Home > Introduction > Articles > Alan Shalleck > Our Energy Future and Nanotechnology
Alan B. Shalleck
June 05, 2006
Nanotechnology is fundamental over the next 50 years to providing sufficient energy for a growing world and to protecting the environment in which we live. There is an energy/environmental storm gathering and we must pay attention. Our children's and our grandchildren's lives are at stake if we mess up the energy/environment issue. Under all practical solutions nanotechnology will play a critical role in any successful outcome. Just as we claim that nanotechnology will change our entire economic structure and our lives over the next decades, so will world energy demand and supply. The two are intimately intertwined.
Detailed energy data, options, nanotechnology involvement and intelligent discussion are appearing regularly from responsible institutions. Some of the best energy information has just been mounted on the web. If you haven't considered investing in promising nanotech energy applications up to now, the following may change your mind.
A superb energy colloquium was held at MIT on May 3, 2006 discussing safe and productive energy supply (at reasonable economics) and environmental problems with possible solutions for the rest of the century. This colloquium was not heralded in the press … I'm sure most of you missed it … and yet it contained some of the wisest discussions about the world's energy future to date. MIT will be one of the premier US institutions providing insight, wisdom, advice and practical solutions to the world, our government and various industries on energy and environmental issues this century.

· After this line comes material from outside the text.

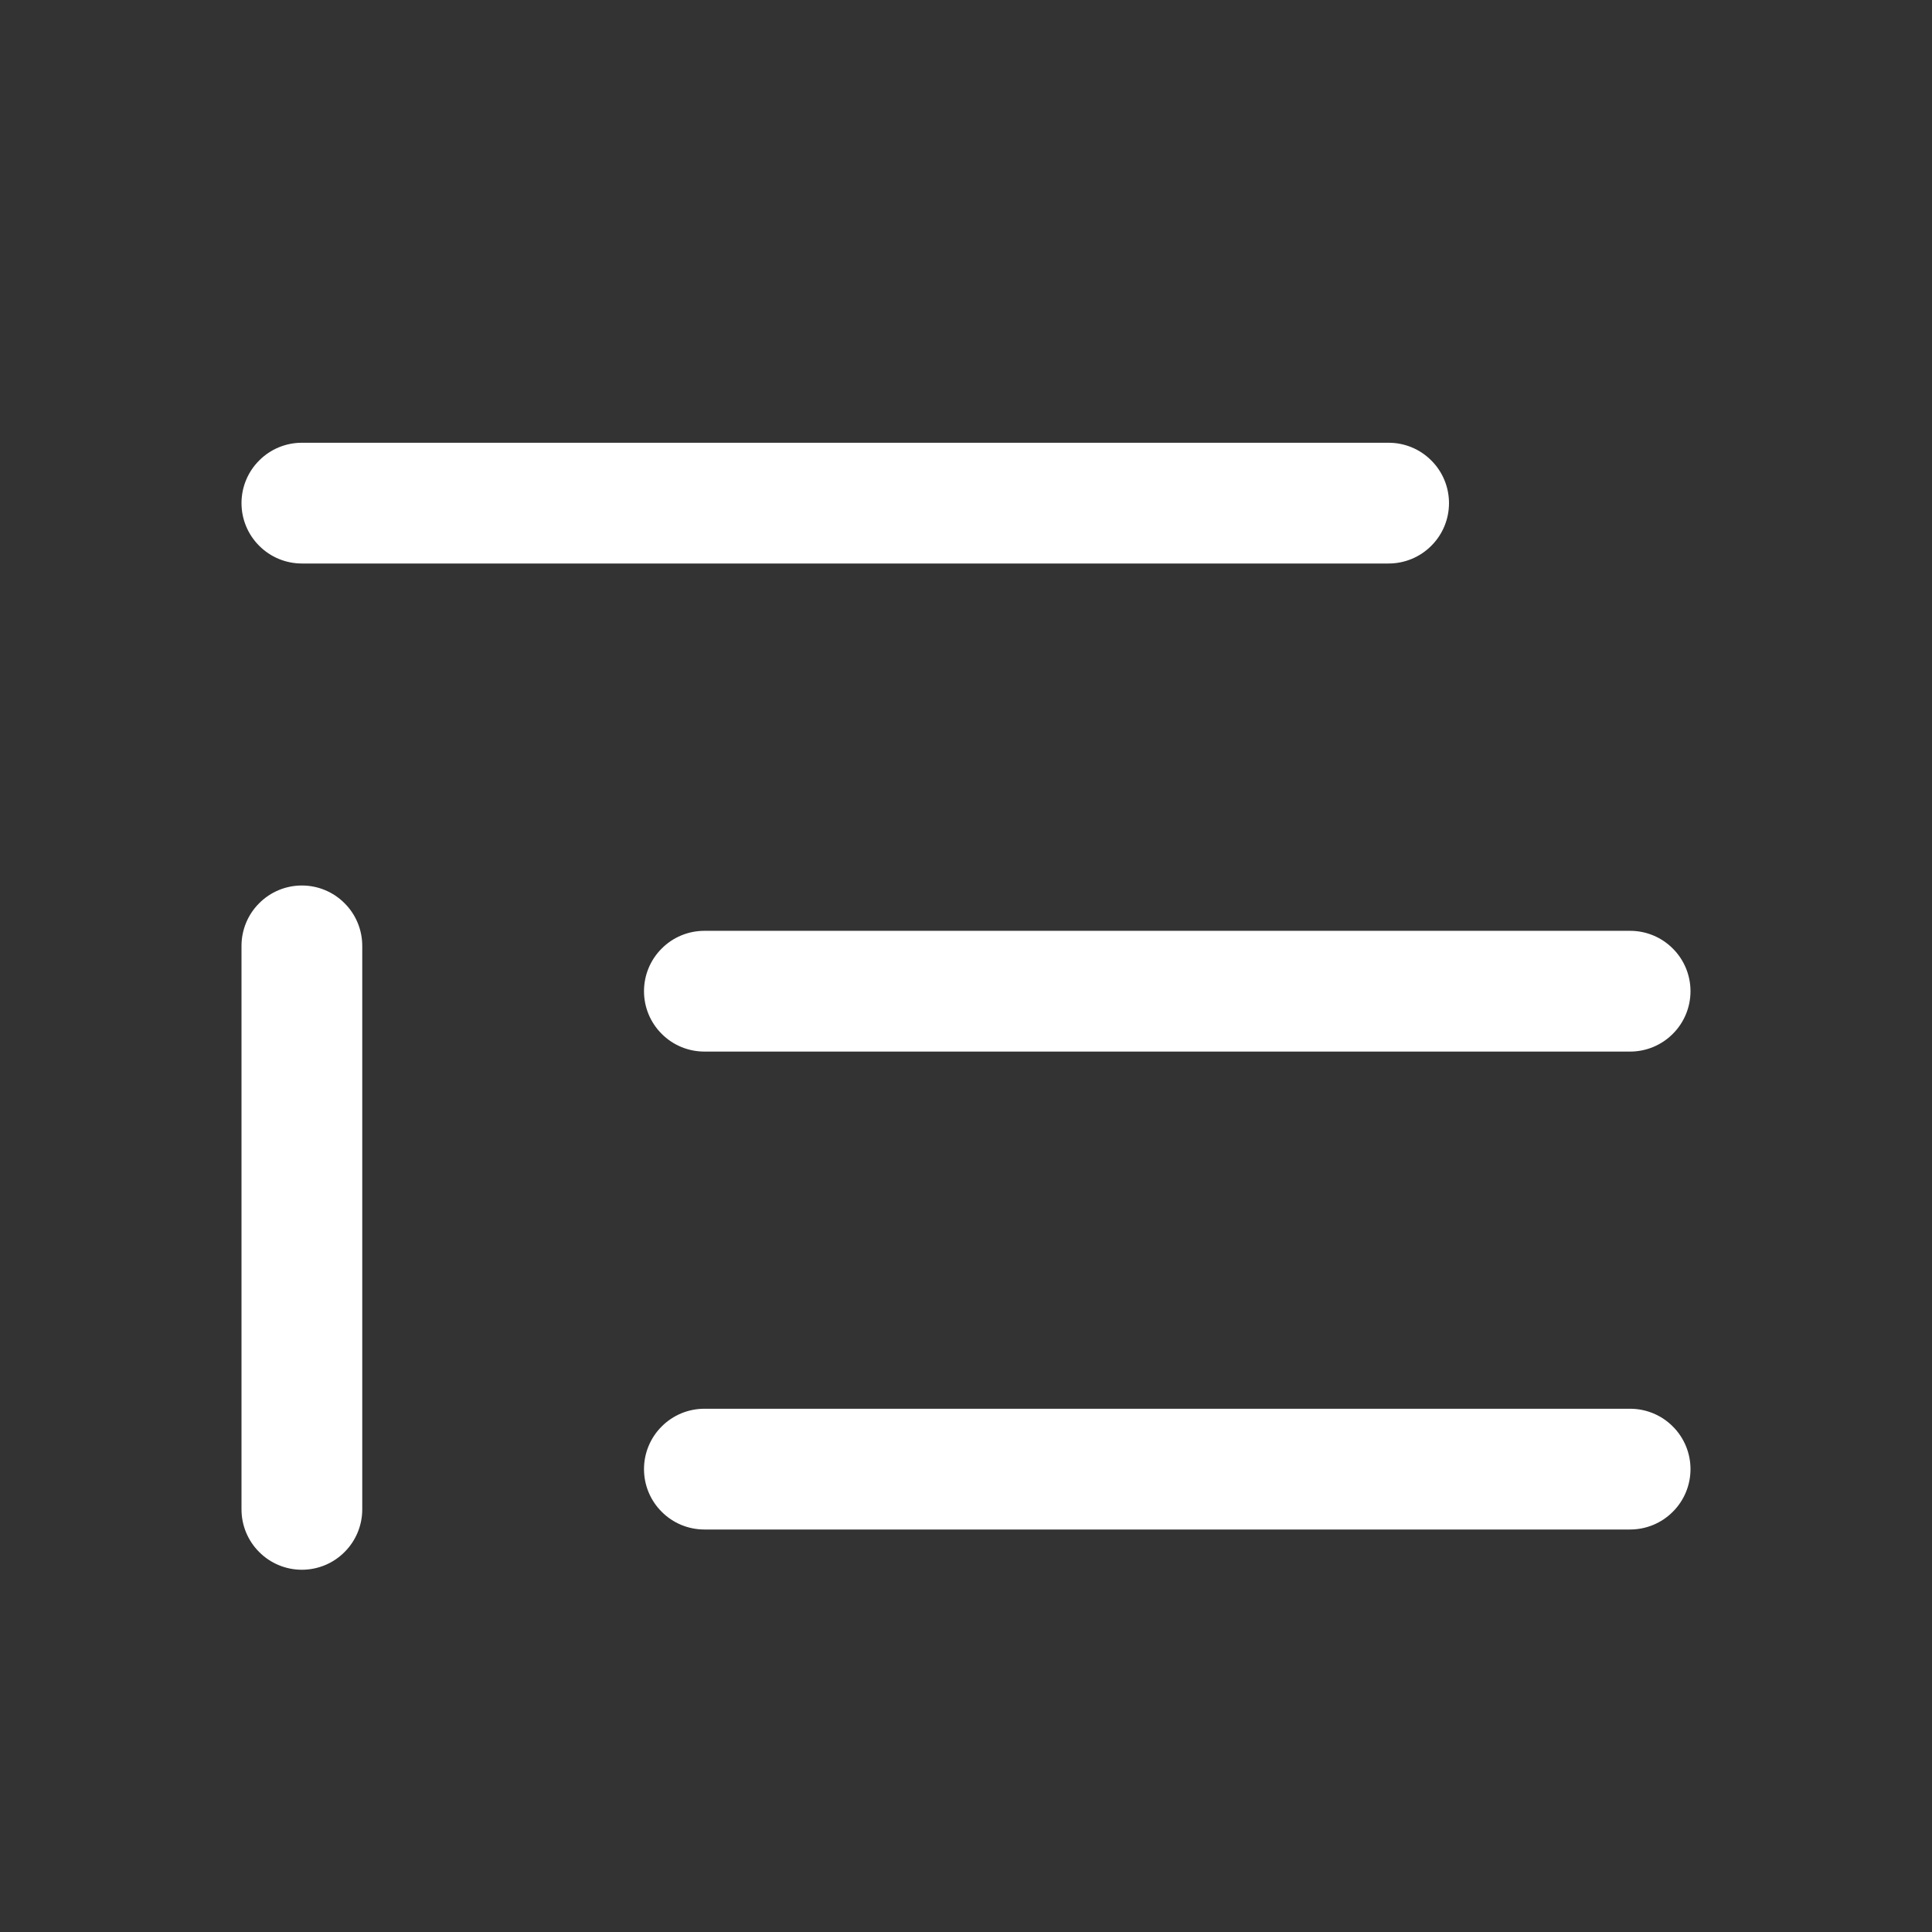 <svg width="24" height="24" viewBox="0 0 24 24" fill="none" xmlns="http://www.w3.org/2000/svg">
<rect x="0" y="0" width="24" height="24" fill="#333333" stroke="none"/>
<path d="M3 6.25C3 6.051 3.079 5.86 3.22 5.72C3.36 5.579 3.551 5.5 3.75 5.5H17.25C17.449 5.5 17.64 5.579 17.78 5.72C17.921 5.86 18 6.051 18 6.25C18 6.449 17.921 6.64 17.78 6.78C17.64 6.921 17.449 7 17.25 7H3.75C3.551 7 3.36 6.921 3.22 6.78C3.079 6.64 3 6.449 3 6.25ZM8 12.313C8 12.114 8.079 11.923 8.22 11.783C8.36 11.642 8.551 11.563 8.75 11.563H20.25C20.449 11.563 20.64 11.642 20.78 11.783C20.921 11.923 21 12.114 21 12.313C21 12.512 20.921 12.703 20.78 12.843C20.64 12.984 20.449 13.063 20.25 13.063H8.75C8.551 13.063 8.36 12.984 8.22 12.843C8.079 12.703 8 12.512 8 12.313ZM8 18.25C8 18.051 8.079 17.86 8.22 17.72C8.36 17.579 8.551 17.5 8.75 17.5H20.25C20.449 17.5 20.64 17.579 20.78 17.72C20.921 17.86 21 18.051 21 18.25C21 18.449 20.921 18.64 20.78 18.78C20.64 18.921 20.449 19 20.25 19H8.75C8.551 19 8.36 18.921 8.22 18.78C8.079 18.64 8 18.449 8 18.25ZM3.75 11C3.949 11 4.14 11.079 4.28 11.22C4.421 11.36 4.5 11.551 4.5 11.75V18.75C4.5 18.949 4.421 19.14 4.28 19.28C4.14 19.421 3.949 19.5 3.75 19.5C3.551 19.5 3.36 19.421 3.22 19.28C3.079 19.14 3 18.949 3 18.75V11.75C3 11.551 3.079 11.36 3.22 11.22C3.36 11.079 3.551 11 3.75 11Z" fill="white"/>
</svg>

This illuminating forum can be heard on the web. "The MIT Energy Forum: Taking On The Challenge," (here and here) was chaired by MIT's President, Dr. Susan Hochfield, and involved many of Tech's world class faculty members. MIT has been fundamentally involved in energy generation since early in the 20th Century (e.g. power plant design, nuclear power generation and wind energy) and the early 21st century is no different.
MIT has had an institute-wide cross disciplinary major project underway for over two years examining world wide environmental and energy needs for this century, energy problems (including many economic and policy issues), all energy/environmental sub-sections and possible practical societal and economic solutions. This forum was an interim report of initial findings. All fundamental issues and options are discussed and are quite sobering. The panelist's findings and possibilities concern all of us and I strongly recommend that you listen to at least to the introduction session.
The early sessions explored the issues, problems and solutions arising from the worldwide energy supply side "production" perspective (i.e. oil, gas, atomic, biomass, and alternative energy sources). They specifically focused on oil issues … worldwide real reserves, possible shortages, price considerations and where we might find additional major supplies of crude. Interestingly only 40% of all provable oil reserves historically have been producible (liftable) reserves. 60% of discovered oil can't currently be lifted. 25% of these reserves cannot ever be produced, leaving 35% of existing provable oil reserves possibly available, subject to improved technological processes.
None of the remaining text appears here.